Note, that `MutProb` is the point estimate given by `MutProb = Mutations / Meioses`. Information about which markers that are in which kit is also provided:

```{r}
ystr_kits
ystr_kits %>% count(Kit)
```

Let us take all PowerPlex Y23 markers and assume that we only have a partial profile where `DYS437` and `DYS448` dropped out. At the same time, we also filter out the integer alleles (for generating random founder haplotypes in a minute):

```{r}
partial_kit <- ystr_kits %>% 
  filter(Kit == "PowerPlex Y23") %>% 
  inner_join(ystr_markers, by = "Marker") %>% 
  filter(!(Marker %in% c("DYS437", "DYS448"))) %>% 
  rowwise() %>% # To work on each row
  mutate(IntegerAlleles = list(Alleles[Alleles == round(Alleles)]),
         MinIntAllele = min(IntegerAlleles),
         MaxIntAllele = max(IntegerAlleles)) %>% 
  ungroup() %>% 
  select(-Kit, -Alleles)
partial_kit
```

This "partial kit" has the following mutation probabilities:

```{r}
mu <- partial_kit %>% pull(MutProb)
mu
```

We can make a founder haplotype generator as follows (sampling alleles randomly is not how Y-STR works, but it may work fine for founder haplotypes):

```{r}
generate_random_haplotype <- function() {
  partial_kit %>% 
    rowwise() %>% 
    mutate(Allele = IntegerAlleles[sample.int(length(IntegerAlleles), 1)]) %>% 
    pull(Allele)
}
```

Now, a new haplotype is created everytime the function is called (with no arguments):

```{r}
generate_random_haplotype()
generate_random_haplotype()
```

Of course such generator can also be created for a reference database with Y-STR profiles.

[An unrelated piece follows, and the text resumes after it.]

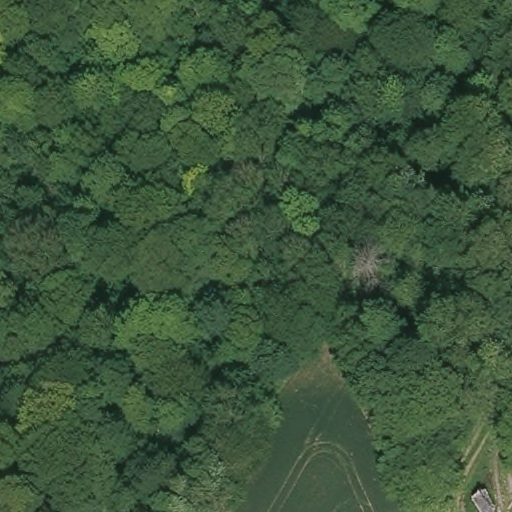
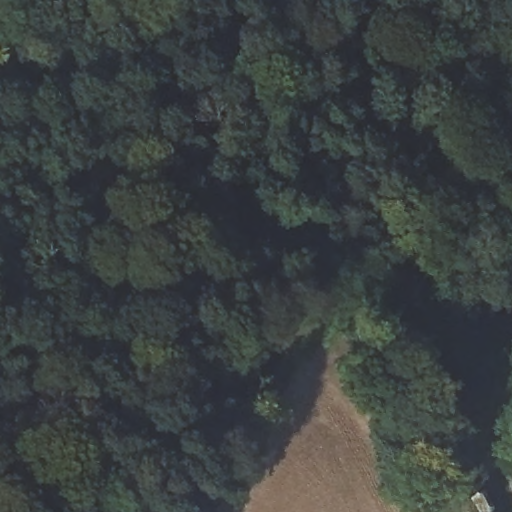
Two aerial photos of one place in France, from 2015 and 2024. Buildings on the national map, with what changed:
unchanged [(501,512),(478,512),(468,493),(483,483),(501,512)]

Now, we are ready to assign haplotypes to the genealogy:

```{r}
set.seed(1)
pedigrees_all_populate_haplotypes_custom_founders(
  pedigrees = pedigrees, 
  get_founder_haplotype = generate_random_haplotype,
  mutation_rates = mu,
  progress = FALSE)
```

We can now plot pedigrees with haplotype information (note that `as_tbl_graph` needs to be called again):

```{r}
g_ped2 <- as_tbl_graph(pedigrees) %>% 
  activate(nodes) %>% 
  filter(ped_id == PED_ID) %>%
  group_by(name) %>% 
  mutate(haplotype_str = paste0(haplotype[[1]], collapse = ";"))
  #mutate(haplotype_str = map(haplotype, paste0, collapse = ";")[[1]])

if (requireNamespace("ggraph", quietly = TRUE)) {
  library(ggraph)
  p <- ggraph(g_ped2, layout = 'tree') +
      geom_edge_link() +
      geom_node_point(aes(color = haplotype_str), size = 8) +
      geom_node_text(aes(label = name), color = "white") +
      theme_graph() 
  print(p)
}
```


# Counting matches

We have `live_pop` from the population. 

## Drawing an individual and counting matches

```{r}
set.seed(5)
Q_index <- sample.int(n = length(live_pop), size = 1)
Q <- live_pop[[Q_index]]
print_individual(Q)
Q_hap <- get_haplotype(Q)
Q_hap
```

Now, count matches in live part of pedigree and in live part of population:

```{r}
Q_ped <- get_pedigree_from_individual(Q)
ped_live_matches <- count_haplotype_occurrences_pedigree(
  pedigree = Q_ped, 
  haplotype = Q_hap, 
  generation_upper_bound_in_result = 2) # gen 0, 1, 2
pop_live_matches <- count_haplotype_occurrences_individuals(
  individuals = live_pop, 
  haplotype = Q_hap)

ped_live_matches
pop_live_matches
```


We can also inspect pedigree matches information about number of meioses and $L_1$ distances:

```{r}
path_details <- pedigree_haplotype_matches_in_pedigree_meiosis_L1_dists(
  suspect = Q, 
  generation_upper_bound_in_result = 2)
```

```{r}
nrow(path_details)
head(path_details)
```

This can of course be repeated to many populations (genealogies, haplotype processes, suspects etc.). Also note that variability can be put on mutation rates, e.g. by a Bayesian approach.